沈清欢将整张脸埋进浮着当归的温水里,细碎的药草沾在蝴蝶骨上。
犀角镯磕在池壁发出闷响时,她听见身后传来衣料簌簌的摩擦声,像某种夜行动物在舒展皮毛。
"贵妃娘娘沐浴竟不闭窗?
"顾明渊的玄色蟒纹靴踏碎了满地月光,腰间玉珏撞在青瓷药罐上叮咚作响。
他指尖捏着半片当归叶,在沈清欢骤然绷紧的肩头轻轻一划:"这味药止不住气血亏损。
"沈清欢扯过鲛绡纱裹身,发梢甩出的水珠溅在顾明渊眼尾泪痣上:"摄政王夜闯宫闱的胆量,倒比上月的送子观音更精妙。
"她瞥见对方腰间悬着陈太医的檀木脉枕,喉间漫起血腥味。
顾明渊突然欺身上前,拇指碾过她唇上咬出的血痕。
沈清欢后腰撞在药柜上,几十个青瓷罐哗啦啦响成一片。
浓重的药香里,他鼻尖几乎贴上她颤抖的睫毛:"这么拼命用能力,不怕变成枯骨美人?
"窗外巡逻的灯笼光恰在此时扫过,将两人交叠的影子投在绘着百草图的屏风上。
沈清欢耳尖泛红,反手抓住他垂落的银丝发带:"王爷何时关心起臣妾的死活?
"指尖触到他后颈处未愈的刀疤,突然想起原著里这人为救女主中箭坠崖的情节。
雕花窗棂突然被夜风撞开,顾明渊揽着她的腰旋了半圈,沈清欢的赤足踩上他蟒袍下摆。
远处传来打更声,混着他低哑的轻笑:"你若死了,谁给我熬..."话音未落,陈太医的叩门声惊飞了檐下宿鸟。
"圣上急召摄政王议事。
"老御医的声音裹着雨前茶的苦涩,"说是林美人的胎象有异。
"顾明渊松开手时,沈清欢踉跄着扶住翻倒的药杵。
他染了药香的指尖擦过她耳垂,温热呼吸里挟着句几不可闻的警告:"药膳三日不可用超过两次,否则心脉会..."尾音消散在陈太医第二声急切的叩击里。
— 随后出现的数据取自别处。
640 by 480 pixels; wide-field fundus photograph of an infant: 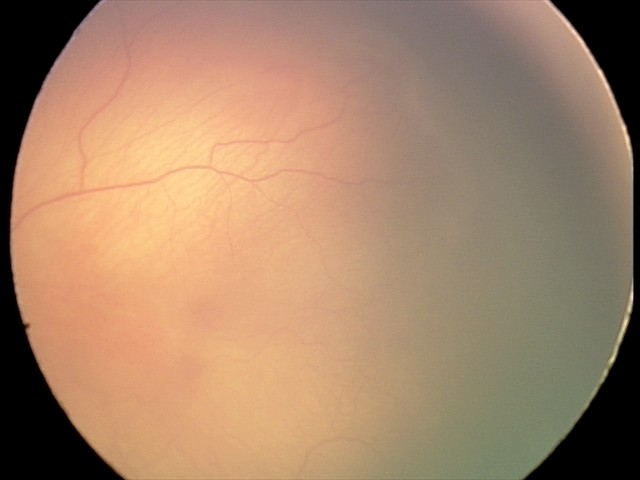

Examination diagnosed as retinopathy of prematurity (ROP) stage 1.

瑶华端着安神汤进来时,正撞见摄政王蟒袍广袖扫落案上银针包。
沈清欢背靠药柜喘息,湿发在月光下泛着青灰的光泽,腕间犀角镯不知何时裂了道细纹。
"娘娘,这尊药王菩萨..."瑶华突然噤声。
鎏金香炉旁,本该摆着送子观音的紫檀案几上,赫然多出枚鸽子血雕成的药玉,在烛火下流转着琥珀色的暗芒。
晚风卷着顾明渊残留的龙涎香掠过纱幔,混着沈清欢袖中逸出的血腥气,竟酿出几分温热的药香。
沈清欢指尖抚过裂开的犀角镯,月光透过雕花窗将裂纹映成细小的星河。
瑶华跪在青砖上收拾银针,鎏金香炉腾起的烟雾里,那枚鸽子血雕琢的药玉正泛着诡异的柔光。
"这是北疆进贡的冰玉髓!
"瑶华突然抓住沈清欢的裙角,"去年中秋宴,摄政王当众摔了半块给西域舞姬治鞭伤,先帝震怒......"窗外的夜枭发出凄厉啼叫,沈清欢将药玉贴近耳畔,竟听见雪水融化般的细微声响。
她突然想起方才顾明渊欺身时,玄色广袖扫过药柜的瞬间——某片绣着金线的衣料里,分明夹着半张盖有朱砂印的绢纸。
"取我的犀角刮刀来。
"沈清欢赤脚踏上紫檀案几,腕间裂璺的镯子突然渗出淡青色汁液。
当刀刃划开药玉表层时,整座宫殿的药香骤然浓烈,二十八个青瓷药罐同时发出蜂鸣。
瑶华惊恐地看着冰晶般的玉髓在月光下舒展,千年雪莲的十二片花瓣正包裹着三滴凝露。
"这是要剜心头血才能取出来的雪魄!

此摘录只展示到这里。